Интервью

Михаил Мессерер: «Пламя Парижа» - это лавина танцев»

03 Ноября 2015

О первой премьере сезона балетмейстер-постановщик Михаил Мессерер рассказал Ксении Черновой

НОВАТ: Михаил Григорьевич, как возникла идея восстановить этот балет советского периода?

Михаил Мессерер: Помимо моей уверенности в том, что, двигаясь вперед, негоже забывать прошлое, есть ещё целый ряд причин. Например, можно упомянуть очевидный репертуарный голод, который сегодня испытывают балетные труппы мира. И всегда встаёт вопрос о том, чем порадовать зрителя, что ставить в ближайшие сезоны. Балетных партитур немного. Следует также думать о наиболее полном раскрытии возможностей труппы, с которой ты работаешь. То есть, о том, чтобы материал, который ты предлагаешь артистам, был бы педагогичен, полезен.

Ведь я прежде всего педагог. Эти же цели я преследовал, когда ставил «Пламя» в Михайловском театре, и наша труппа на нём несомненно выросла. К тому же, спектакль идеально подходит большой труппе — в нем участвуют более 100 артистов.

А главное — это хореография Вайнонена. Должен сказать, что этого хореографа я ставлю в один ряд с такими блестящими мастерами ХХ века, как Джордж Баланчин или Фредерик Аштон. Я в восторге от того, как Вайнонен владел темпоритмикой движения, как умел привнести драматическую составляющую в хореографический текст.

Н.: Движение должно быть оправдано содержанием роли. Таков принцип Вайнонена?

М. М.: Совершенно верно. «Пламя Парижа» — это лавина танцев. И классических, и характерных. Кроме того, выразительная актерская игра — как сейчас говорят, «по-Станиславскому» — во многом новый материал для сегодняшних исполнителей. Тут я снимаю шляпу перед соавтором Вайнонена, потрясающим режиссером Сергеем Радловым.

Н.: «Пламя Парижа» долгое время не шло, можно сказать, было предано забвению. Как проходила работа по восстановлению балета?

М. М.: Что-то я воссоздал по фотографиям, многое — по видеокадрам: сохранился примерно 20-минутный фильм об этом балете. Изданы воспоминания вдовы Вайнонена, воспоминания моей мамы — Суламифи Мессерер и дяди — Асафа Мессерера, которые в своё время танцевали «Пламя Парижа». Да и я сам, будучи ребенком, принял в нем участие, а юношей не раз видел спектакль, запомнил его дух и энергетику.

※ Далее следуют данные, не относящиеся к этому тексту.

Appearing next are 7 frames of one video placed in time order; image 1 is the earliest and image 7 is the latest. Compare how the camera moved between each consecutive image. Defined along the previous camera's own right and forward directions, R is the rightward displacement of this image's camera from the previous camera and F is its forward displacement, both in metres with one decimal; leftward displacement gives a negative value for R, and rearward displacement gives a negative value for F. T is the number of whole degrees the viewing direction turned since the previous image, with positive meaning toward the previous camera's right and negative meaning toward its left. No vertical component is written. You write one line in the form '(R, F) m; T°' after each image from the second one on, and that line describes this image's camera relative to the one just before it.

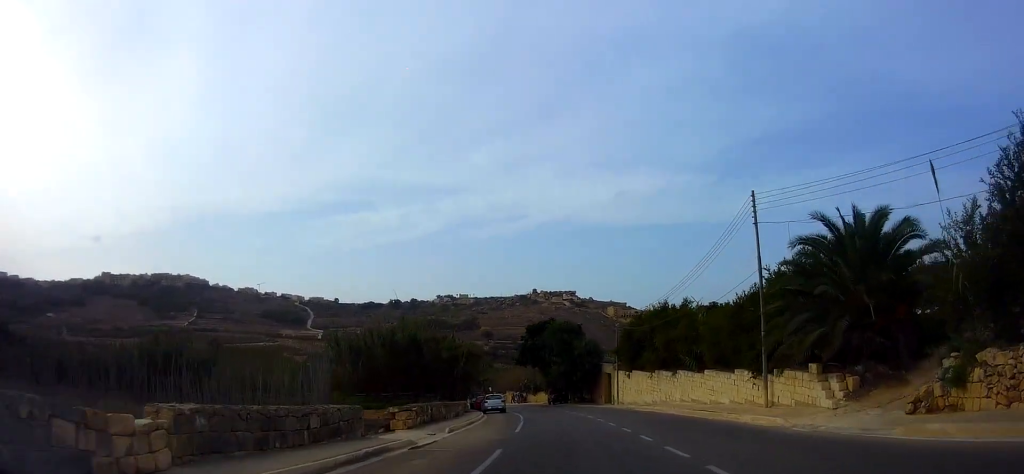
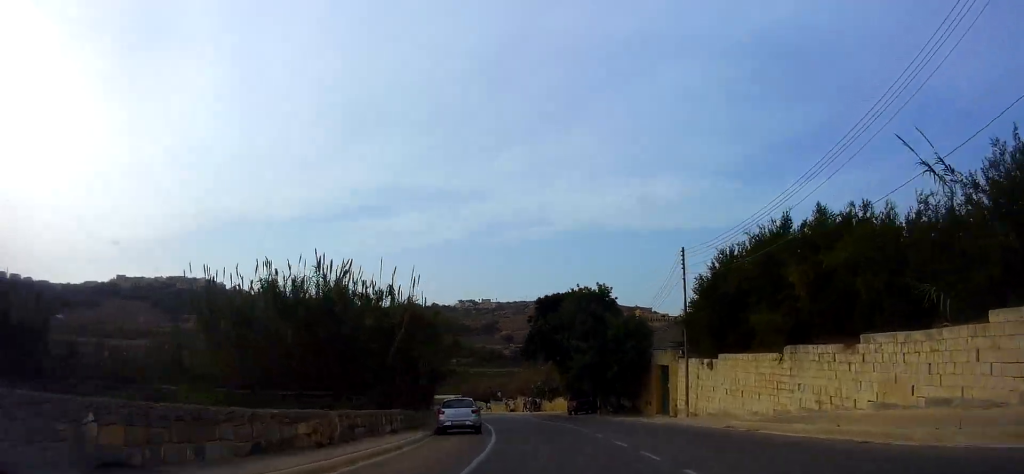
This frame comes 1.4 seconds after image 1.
(-0.8, +22.5) m; -5°
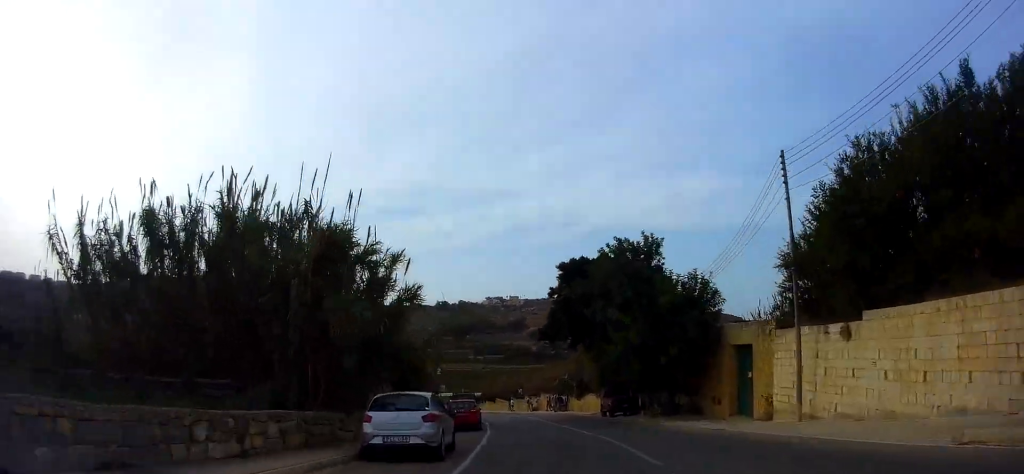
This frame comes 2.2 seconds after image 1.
(-0.6, +12.2) m; -1°
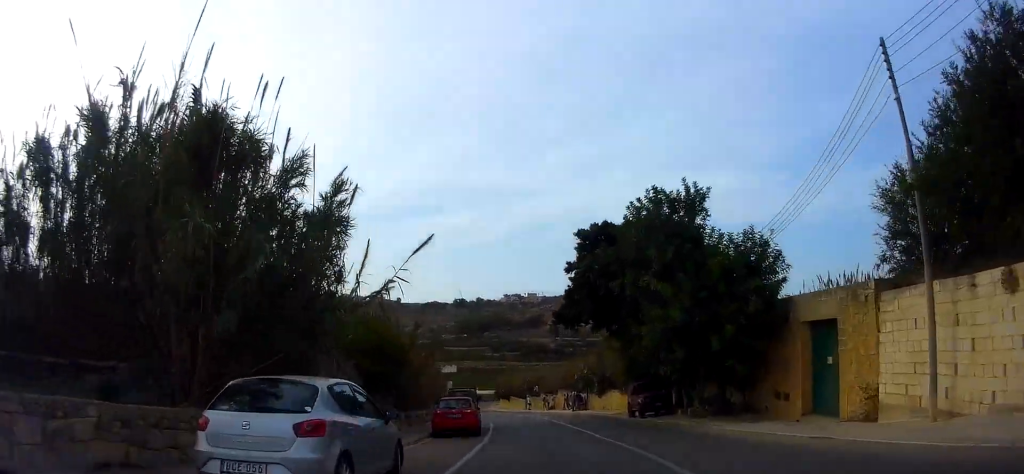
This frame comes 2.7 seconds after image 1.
(+0.1, +6.7) m; 0°
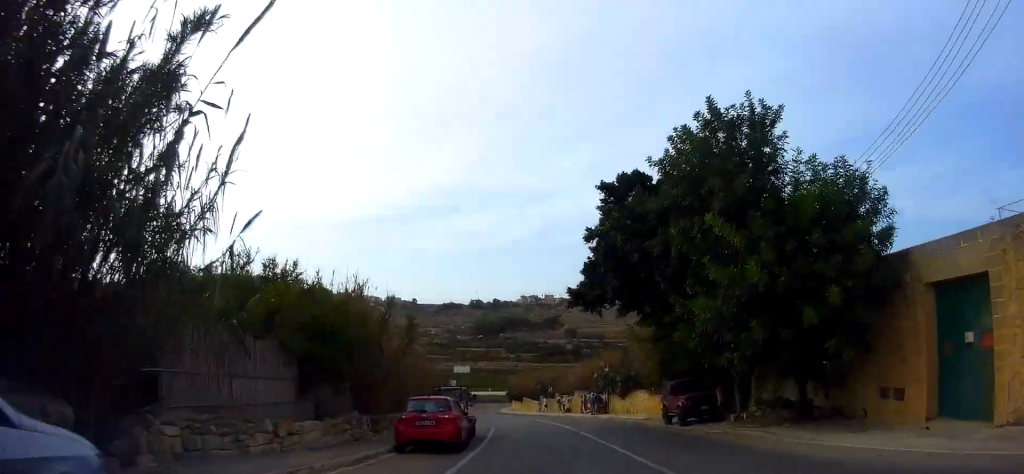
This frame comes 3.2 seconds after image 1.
(+0.2, +7.1) m; 0°
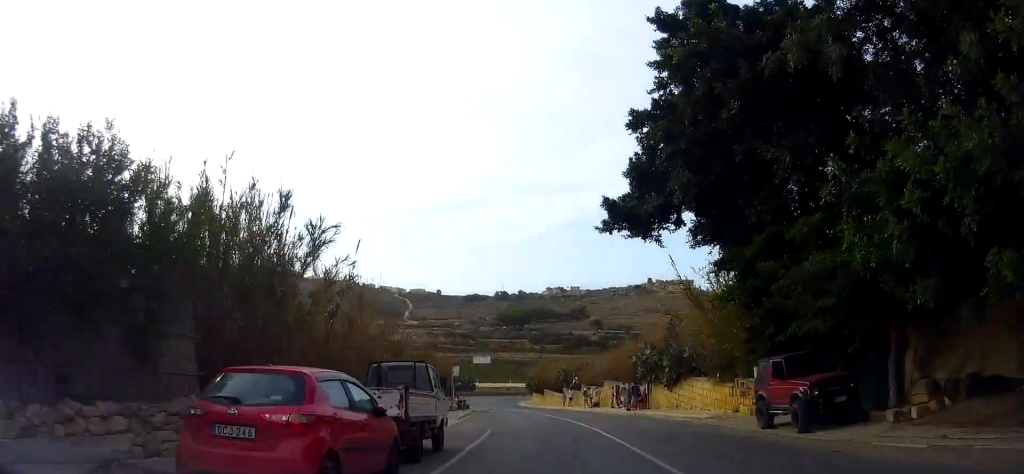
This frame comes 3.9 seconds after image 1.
(-0.3, +10.1) m; -2°
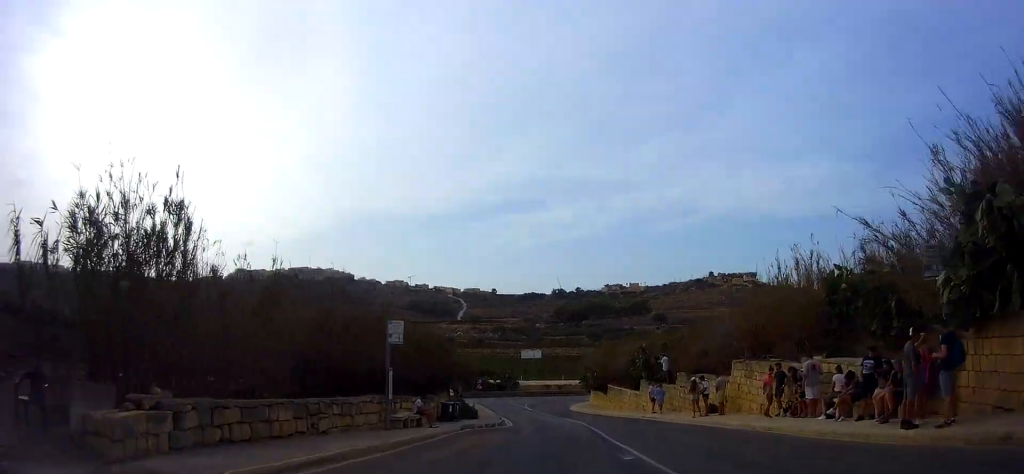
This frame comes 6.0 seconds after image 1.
(-0.5, +25.5) m; -4°

Н.: Как много текста вы сочинили заново?

М. М.: Приблизительно треть. И, конечно, если была бы возможность не стилизовать хореографию и мизансцены, я предпочел бы этого не делать. Но за наследием долго не следили, к сожалению, элементы оригинальной постановки безвозвратно исчезли.

Н.: Теперь балет поставлен в Новосибирске. Не возникало ли у вас желания что-то добавить, переделать, предложить новую интерпретацию?

М. М.: Василий Вайнонен сделал несколько редакций, и все они немного различались. Постановщику всегда хочется посмотреть по-новому, и я не исключение. В Новосибирске сцена больше, и мы раздвигаем сценическое пространство — добиваемся от артистов широты движений, умения использовать пространственный объем.

Н.: Как спектакль воспринимает сегодняшний зритель?

М. М.: Знаете, в московской моей юности мне посчастливилось жить в одном доме с Леонидом Лавровским — выдающимся главным балетмейстером Большого театра. Перед домом была остановка троллейбуса, который шел до Театральной площади. На нем знаменитый Лавровский ездил на работу в Большой, а я — в школу на Пушечной. И вот однажды, по совпадению, мы стояли на остановке, а троллейбус никак не приходил. Леонид Михайлович нервничал, сетовал, что опаздывает на совещание по поводу поездки театра в США — это было в начале 1960-х, и Большой во второй раз выезжал за океан. Я был бесстрашный мальчик и спросил: «А что везете?». Лавровский невозмутимо ответил, но я продолжил наступать: «А «Пламя Парижа?». «Ну кого же мы будем в Штатах призывать к революции-то?» — засмеялся Леонид Михайлович... И вот не так давно этот балет Вайнонена-Радлова, уже в редакции Михайловского театра, был показан в США и имел феноменальный успех. Несмотря на то, что к революции мы там никого не призывали... Думаю, для современного зрителя ценна отнюдь не идеологическая составляющая, и он воспринимает «Пламя Парижа» иначе, чем зрители прошлых лет.